Saved data entries:
----
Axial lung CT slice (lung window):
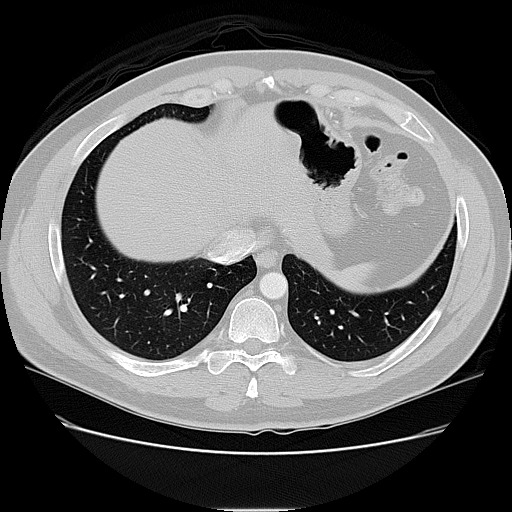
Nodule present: no
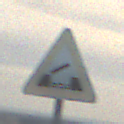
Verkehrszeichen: BeweglicheBruecke
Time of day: SunriseSunset
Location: Outdoor (RoadRail)
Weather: PartlyCloudy
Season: NotSpecified
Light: Natural
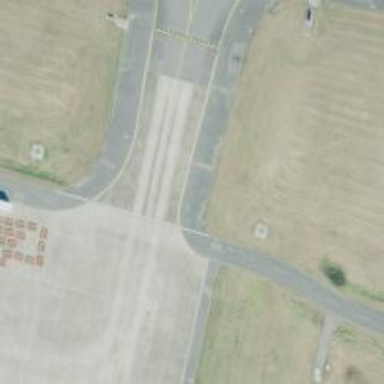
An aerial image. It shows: Image of taxiway at airport.
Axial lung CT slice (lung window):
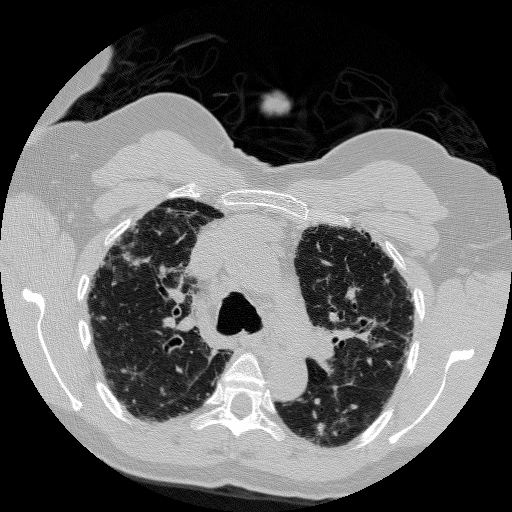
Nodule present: no
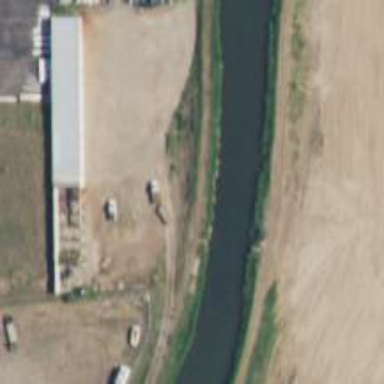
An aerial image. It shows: Canal.
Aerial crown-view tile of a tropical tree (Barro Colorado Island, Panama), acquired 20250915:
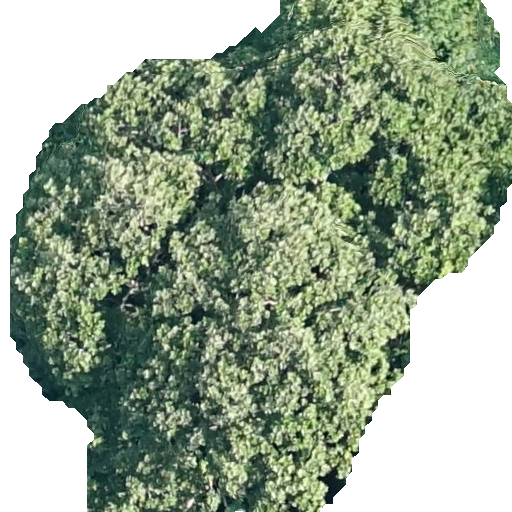
Species: Anacardium excelsum
GBIF accepted scientific name: Anacardium excelsum
Crown area: 295.977 m²
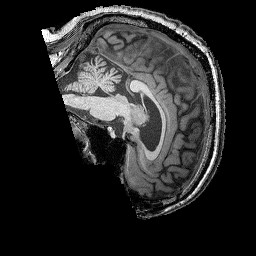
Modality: T1w
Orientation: sagittal
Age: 41
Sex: male
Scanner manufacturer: siemens
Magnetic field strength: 3 T
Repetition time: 2.25 s
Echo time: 0.00415 s
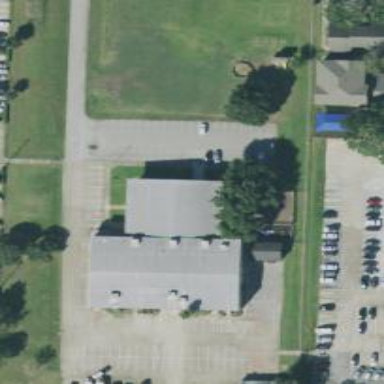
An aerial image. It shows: School.
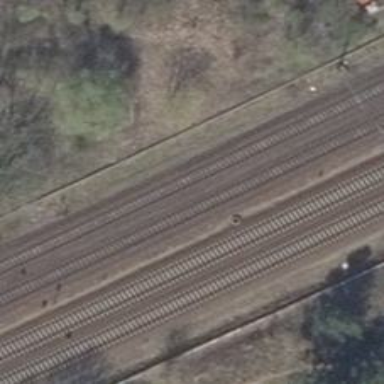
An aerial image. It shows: Railway track with contact line for electrification.
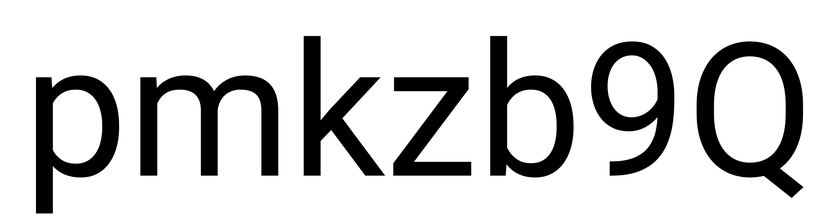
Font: Roboto_Regular
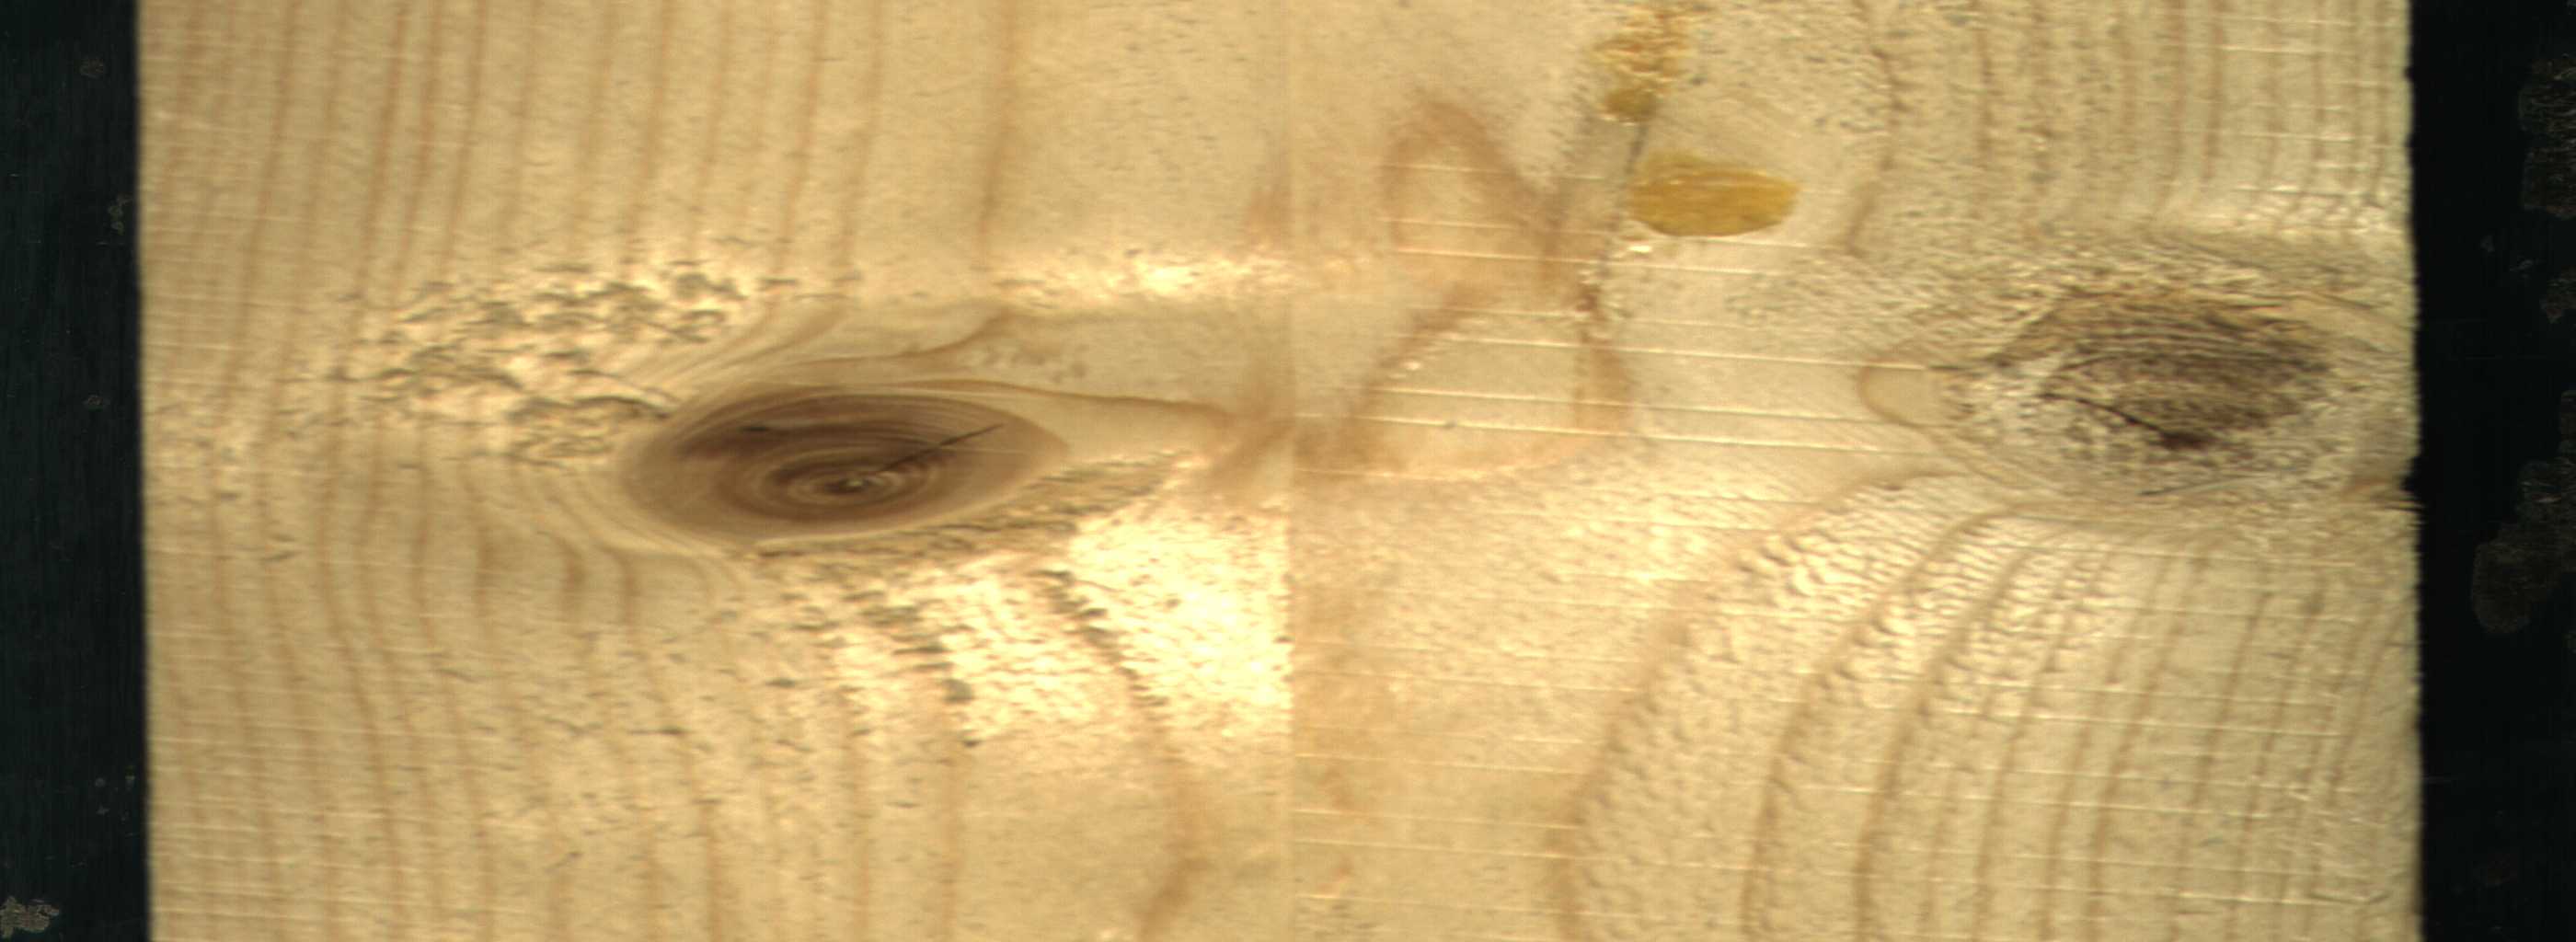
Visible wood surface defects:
resin
resin
knot_with_crack
Live_Knot
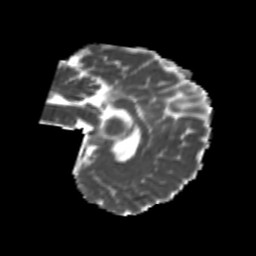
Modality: MD
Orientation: sagittal
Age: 22
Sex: female
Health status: healthy
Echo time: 0.074 s
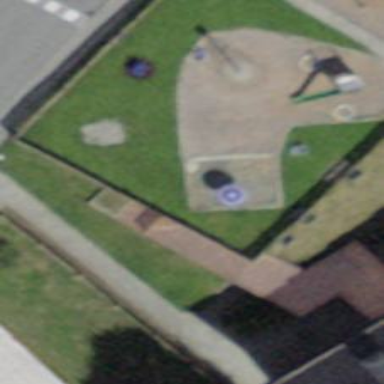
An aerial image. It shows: Playground area for leisure land.
----
EXERCISE DETAILS: Reprint every record exactly and skip the pictures.

RESULT FOR THIS EXERCISE:
Axial lung CT slice (lung window):
Nodule present: no
Verkehrszeichen: BeweglicheBruecke
Time of day: SunriseSunset
Location: Outdoor (RoadRail)
Weather: PartlyCloudy
Season: NotSpecified
Light: Natural
An aerial image. It shows: Image of taxiway at airport.
Axial lung CT slice (lung window):
Nodule present: no
An aerial image. It shows: Canal.
Aerial crown-view tile of a tropical tree (Barro Colorado Island, Panama), acquired 20250915:
Species: Anacardium excelsum
GBIF accepted scientific name: Anacardium excelsum
Crown area: 295.977 m²
Modality: T1w
Orientation: sagittal
Age: 41
Sex: male
Scanner manufacturer: siemens
Magnetic field strength: 3 T
Repetition time: 2.25 s
Echo time: 0.00415 s
An aerial image. It shows: School.
An aerial image. It shows: Railway track with contact line for electrification.
Font: Roboto_Regular
Visible wood surface defects:
resin
resin
knot_with_crack
Live_Knot
Modality: MD
Orientation: sagittal
Age: 22
Sex: female
Health status: healthy
Echo time: 0.074 s
An aerial image. It shows: Playground area for leisure land.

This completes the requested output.